Don't worry, we will learn this by example. So we will start by defining our addTestCase struct.

package math_test

import (
	"example/math"
	"testing"
)

type addTestCase struct {
	a, b, expected int
}

var testCases = []addTestCase{
	{1, 1, 3},
	{25, 25, 50},
	{2, 1, 3},
	{1, 10, 11},
}

func TestAdd(t *testing.T) {

	for _, tc := range testCases {
		got := math.Add(tc.a, tc.b)

		if got != tc.expected {
			t.Errorf("Expected %d but got %d", tc.expected, got)
		}
	}
}

Notice, how we declared addTestCase with a lower case. That's right we don't want to export it as it's not useful outside our testing logic.

Let's run our test

$ go run main.go
--- FAIL: TestAdd (0.00s)
    add_test.go:25: Expected 3 but got 2
FAIL
FAIL    example/math    0.334s
FAIL

Seems like our tests broke, let's fix them by updating our test cases.

var testCases = []addTestCase{
	{1, 1, 2},
	{25, 25, 50},
	{2, 1, 3},
	{1, 10, 11},
}

Perfect, it's working!

$ go run main.go
ok      example/math    0.589s

Code coverage

Finally, let's talk about code coverage. When writing tests, it is often important to know how much of your actual code the tests cover. This is generally referred to as code coverage.

To calculate and export the coverage for our test, we can simply use the -coverprofile argument with the go test command.

$ go test ./math -coverprofile=coverage.out
ok      example/math    0.385s  coverage: 100.0% of statements

Seems like we have great coverage. Let's also check the report using the go tool cover command which gives us a detailed report.

$ go tool cover -html=coverage.out
coverage

As we can see, this is a much more readable format. And best of all, it is built right into standard tooling.

Fuzz testing

Lastly, let's look at fuzz testing which was introduced in Go version 1.18.

Fuzzing is a type of automated testing that continuously manipulates inputs to a program to find bugs.

Go fuzzing uses coverage guidance to intelligently walk through the code being fuzzed to find and report failures to the user.

Since it can reach edge cases that humans often miss, fuzz testing can be particularly valuable for finding bugs and security exploits.

Let's try an example,

func FuzzTestAdd(f *testing.F) {
	f.Fuzz(func(t *testing.T, a, b int) {
		math.Add(a , b)
	})
}

If we run this, we'll see that it'll automatically create test cases. Because our Add function is quite simple, tests will pass.

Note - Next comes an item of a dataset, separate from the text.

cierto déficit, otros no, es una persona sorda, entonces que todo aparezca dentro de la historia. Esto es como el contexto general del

$ go test -fuzz FuzzTestAdd example/math
fuzz: elapsed: 0s, gathering baseline coverage: 0/192 completed
fuzz: elapsed: 0s, gathering baseline coverage: 192/192 completed, now fuzzing with 8 workers
fuzz: elapsed: 3s, execs: 325017 (108336/sec), new interesting: 11 (total: 202)
fuzz: elapsed: 6s, execs: 680218 (118402/sec), new interesting: 12 (total: 203)
fuzz: elapsed: 9s, execs: 1039901 (119895/sec), new interesting: 19 (total: 210)
fuzz: elapsed: 12s, execs: 1386684 (115594/sec), new interesting: 21 (total: 212)
PASS
ok      foo 12.692s

But if we update our Add function with a random edge case such where the program will panic if b + 10 is greater than a.

func Add(a, b int) int {
	if a > b + 10 {
		panic("B must be greater than A")
	}

	return a + b
}

And if we re-run the test, this edge case will be caught by fuzz testing.

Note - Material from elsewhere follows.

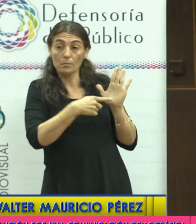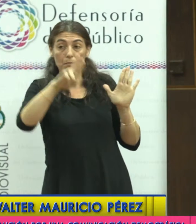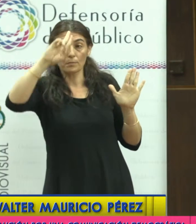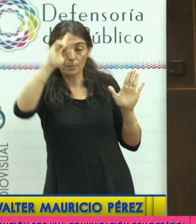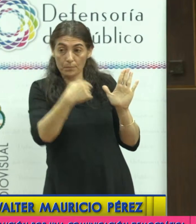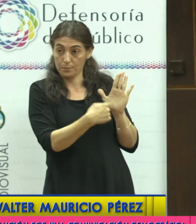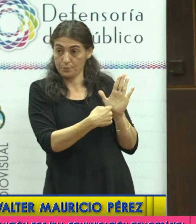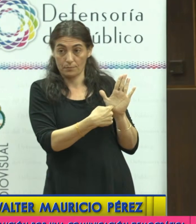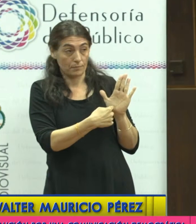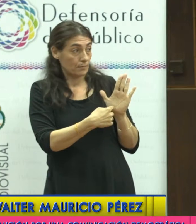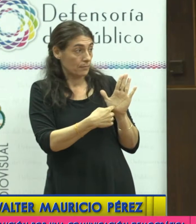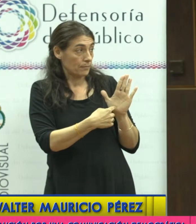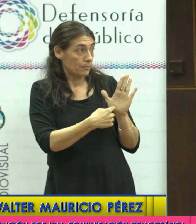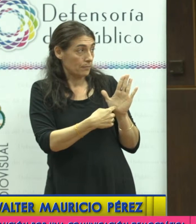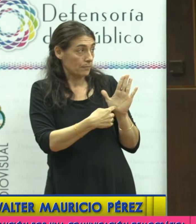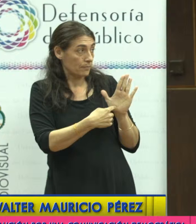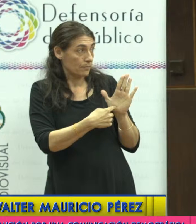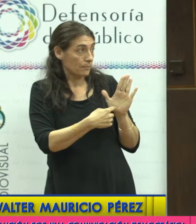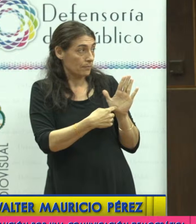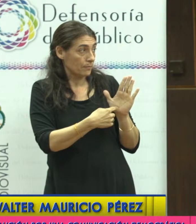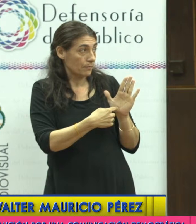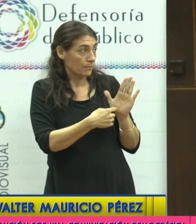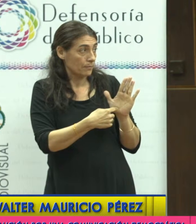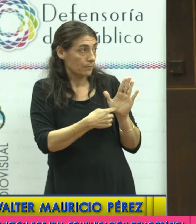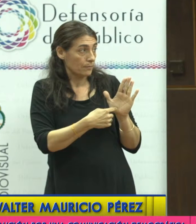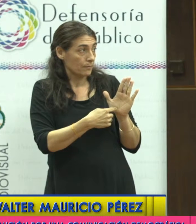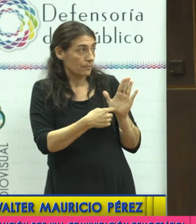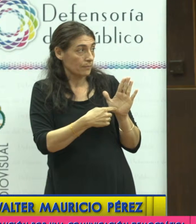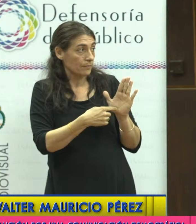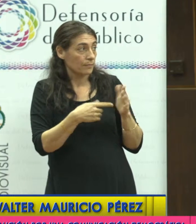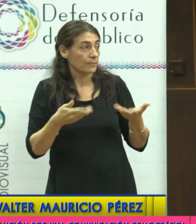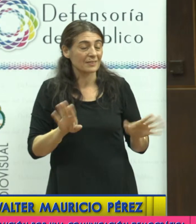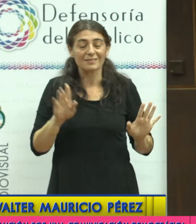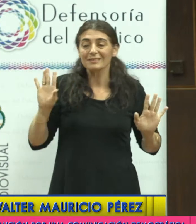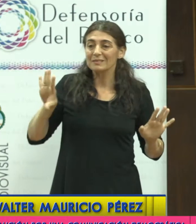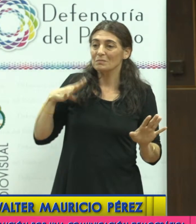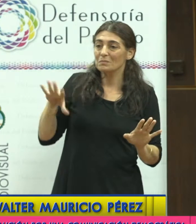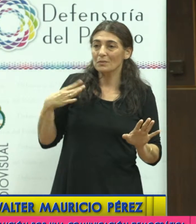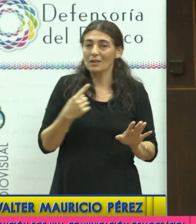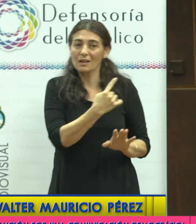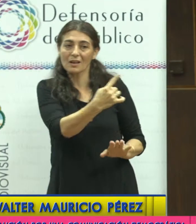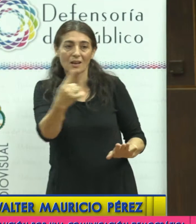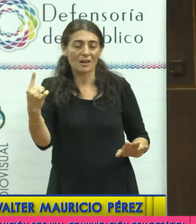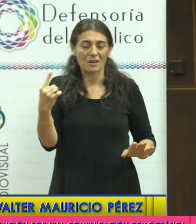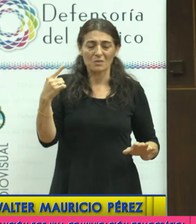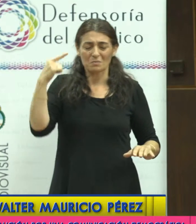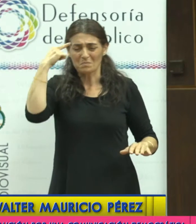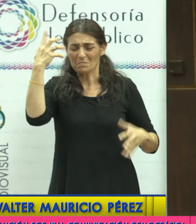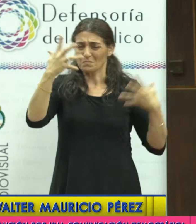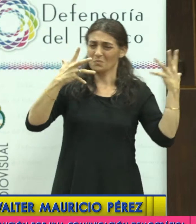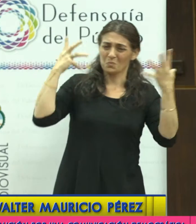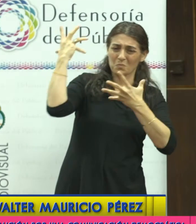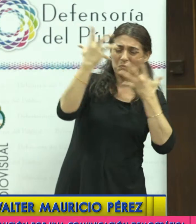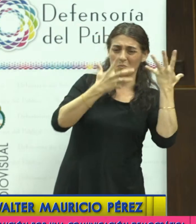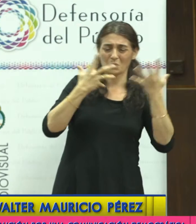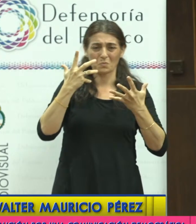y por ahí no nos perdamos y nos empantanemos en la

$ go test -fuzz FuzzTestAdd example/math
warning: starting with empty corpus
fuzz: elapsed: 0s, execs: 0 (0/sec), new interesting: 0 (total: 0)
fuzz: elapsed: 0s, execs: 1 (25/sec), new interesting: 0 (total: 0)
--- FAIL: FuzzTestAdd (0.04s)
    --- FAIL: FuzzTestAdd (0.00s)
        testing.go:1349: panic: B is greater than A

I think this is a really cool feature of Go 1.18. You can learn more about fuzz testing from the official Go blog.

Perfect, so this is pretty much it for this tutorial. I'll see you in the next one!